Some familiarization on the beginning: who we are? We’re the oldest and the biggest bank in the Czech Republic, nearly 200 years old. Together with other banks from the Erste group, we’re part of one of the largest financial provider in the Central and Eastern Europe. Today I’m gonna tell you a story about our Czech bank and our API platform and how we approach the PSD2. We do have around 5 million clients, over 6 hundred branches, I don’t know how many thousands of ATM’s and the reputation of a Dinosaur.

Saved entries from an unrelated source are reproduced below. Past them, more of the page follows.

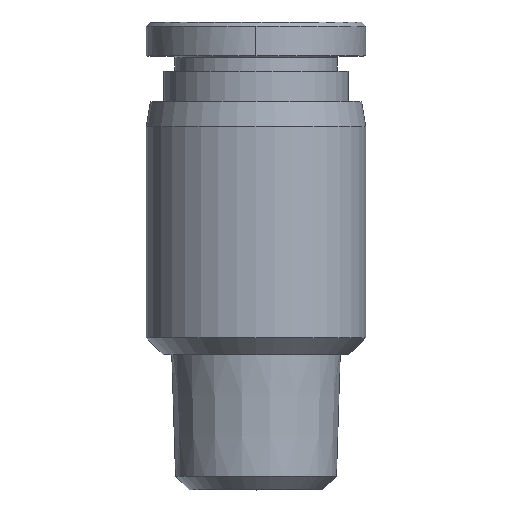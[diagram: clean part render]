
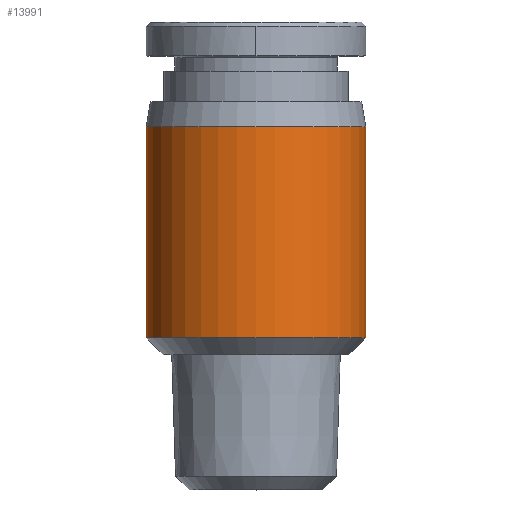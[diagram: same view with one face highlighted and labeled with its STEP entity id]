
A CAD part, top view. The second image highlights one B-rep face of the part: STEP entity #13991.
In plain terms, the highlighted cylindrical face has radius 6.5 mm (diameter 13 mm), a partial arc.
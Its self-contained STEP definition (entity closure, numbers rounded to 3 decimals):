
#143=CARTESIAN_POINT('',(-6.5,1.0,0.0));
#144=VERTEX_POINT('',#143);
#160=CARTESIAN_POINT('',(6.5,1.,0.));
#161=VERTEX_POINT('',#160);
#168=CARTESIAN_POINT('',(0.0,1.,0.));
#169=DIRECTION('',(0.0,-1.0,0.0));
#170=DIRECTION('',(1.0,0.0,0.0));
#171=AXIS2_PLACEMENT_3D('',#168,#169,#170);
#172=CIRCLE('',#171,6.5);
#173=EDGE_CURVE('',#144,#161,#172,.T.);
#263=CARTESIAN_POINT('',(6.5,-11.5,0.));
#264=VERTEX_POINT('',#263);
#265=CARTESIAN_POINT('',(6.5,1.,0.));
#266=DIRECTION('',(0.0,-1.0,0.0));
#267=VECTOR('',#266,12.5);
#268=LINE('',#265,#267);
#269=EDGE_CURVE('',#161,#264,#268,.T.);
#278=CARTESIAN_POINT('',(-6.5,-11.5,0.));
#279=VERTEX_POINT('',#278);
#280=CARTESIAN_POINT('',(-6.5,-11.5,0.));
#281=DIRECTION('',(0.0,1.0,0.0));
#282=VECTOR('',#281,12.5);
#283=LINE('',#280,#282);
#284=EDGE_CURVE('',#279,#144,#283,.T.);
#309=CARTESIAN_POINT('',(0.0,-11.5,0.));
#310=DIRECTION('',(0.0,-1.0,0.0));
#311=DIRECTION('',(-1.0,0.0,0.0));
#312=AXIS2_PLACEMENT_3D('',#309,#310,#311);
#313=CIRCLE('',#312,6.5);
#314=EDGE_CURVE('',#279,#264,#313,.T.);
#13980=CARTESIAN_POINT('',(0.0,2.5,0.));
#13981=DIRECTION('',(0.0,-1.0,0.));
#13982=DIRECTION('',(1.0,0.0,0.0));
#13983=AXIS2_PLACEMENT_3D('',#13980,#13981,#13982);
#13984=CYLINDRICAL_SURFACE('',#13983,6.5);
#13985=ORIENTED_EDGE('',*,*,#269,.T.);
#13986=ORIENTED_EDGE('',*,*,#314,.F.);
#13987=ORIENTED_EDGE('',*,*,#284,.T.);
#13988=ORIENTED_EDGE('',*,*,#173,.T.);
#13989=EDGE_LOOP('',(#13985,#13986,#13987,#13988));
#13990=FACE_OUTER_BOUND('',#13989,.T.);
#13991=ADVANCED_FACE('',(#13990),#13984,.T.);

Yes, Czech public definitely perceives us like this! Slow, non-innovative and conservative institution. Which partly is definitely right. They think that the biggest innovation in last 10 years was that photocell over the door to our branch. We do have 10 thousand employees and thousands of processes in behind, so any change in this environment is quite hard to enforce. And mainly in IT. Any of you who have some experience from working in big bank IT will, I think, agree with me when it comes up to the definition of the roles of IT and the business in the bank. Yes, they still perceive us like those guys in old jeans and shirt from the grandad, being closed somewhere in the bank’s garage picking up the telephone, asking: “Have you try to turn it off and on again?”. But nowadays it is actually us who have a big influence on the bank strategy — API people, developers, and digital-punkers. The business part of the bank has started to realize that we’re the essential part of the whole bank strategy. Why? Because if you have a great API platform, you can then build an API Economy above it. And that interested them. And now when they all know we have to be compliant with PSD2, API people in the bank became more and more visible.

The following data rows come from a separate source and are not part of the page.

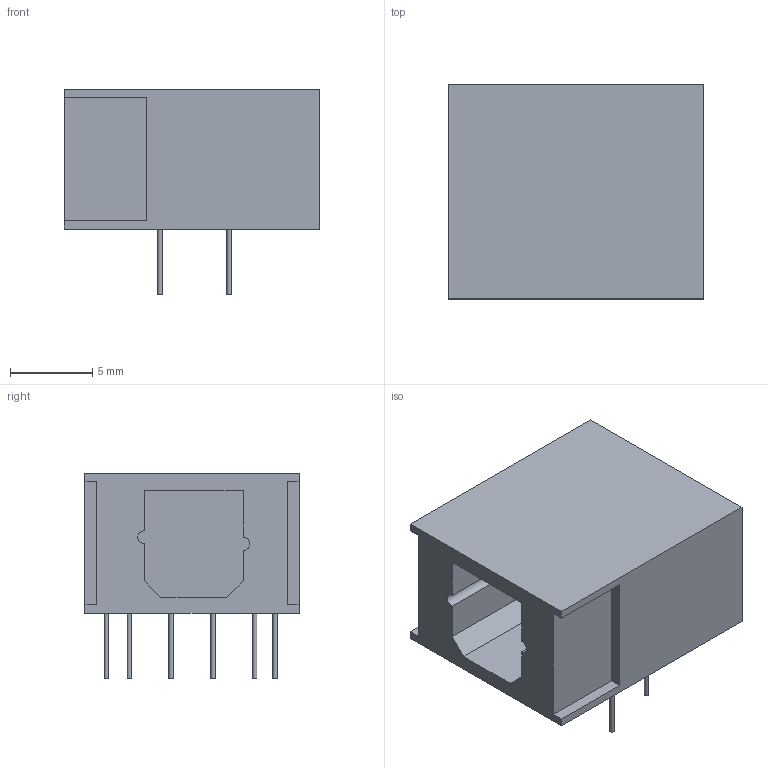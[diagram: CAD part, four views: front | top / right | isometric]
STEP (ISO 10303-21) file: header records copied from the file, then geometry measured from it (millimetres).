
FILE_DESCRIPTION(/* description */ (''),/* implementation_level */ '2;1');
FILE_NAME(/* name */ 'TORX173.stp',/* time_stamp */ '2020-02-28T16:34:58+01:00',/* author */ ('m.hasebos'),/* organization */ (''),/* preprocessor_version */ 'ST-DEVELOPER v17',/* originating_system */ 'Autodesk Inventor 2019',/* authorisation */ '');
FILE_SCHEMA (('AUTOMOTIVE_DESIGN { 1 0 10303 214 3 1 1 }'));
Length unit declared in the file: millimetre
Products named in the file (1): TORX173
Bounding box: 15.5 x 13 x 12.5 mm (x, y, z)
Volume: 1334.3 mm3; surface area: 1132 mm2
Topology: 1 solids, 1 shells, 37 faces, 84 edges, 56 vertices
Faces by surface type: plane 29, cylinder 8
Full cylindrical faces by diameter (mm): 0.25 x1, 0.26 x1, 0.261 x1, 0.264 x1, 0.274 x1, 0.295 x1
Entity records: 1073 total; most frequent: CARTESIAN_POINT 178, DIRECTION 176, ORIENTED_EDGE 168, EDGE_CURVE 84, LINE 68, VECTOR 68, VERTEX_POINT 56, AXIS2_PLACEMENT_3D 54

Let me tell you the story of a castle, which some of you will definitely know from the Sleeping Beauty fairytale. When we go back in the time a bit, just a few years, we can imagine our bank as exactly this castle in the developer’s view: “Hey, I would like to write some application for the bank, you do have a great data!” Or: “We would like to write some great application, we’re your IT, bank!” How could we get to the bank IT systems? Exactly the way you see on the picture bellow.

You can somehow try to jump into it, but it will not be funny. There is no API, so enjoy the exploration of the middleware, enterprise service bus, countless number of backends written in a language of old Egyptians. “Stick to the waterfall and do not disturb us.”

So there was no motivation at all in this sleeping kingdom to make some major innovations, to change the way you can reach the bank systems. And no fear from PSD2. There was the PSD1, but it was more like a nice smiling dragon, you would like to give a hug to. Although we do have a reputation of a dinosaur, employee’s mindsets are not much to innovate the institution, I believe there are always islands of positive deviations inside every sleeping kingdom, maybe except Czech government institutions. We do have them and they’re really powerful and mind-blowing.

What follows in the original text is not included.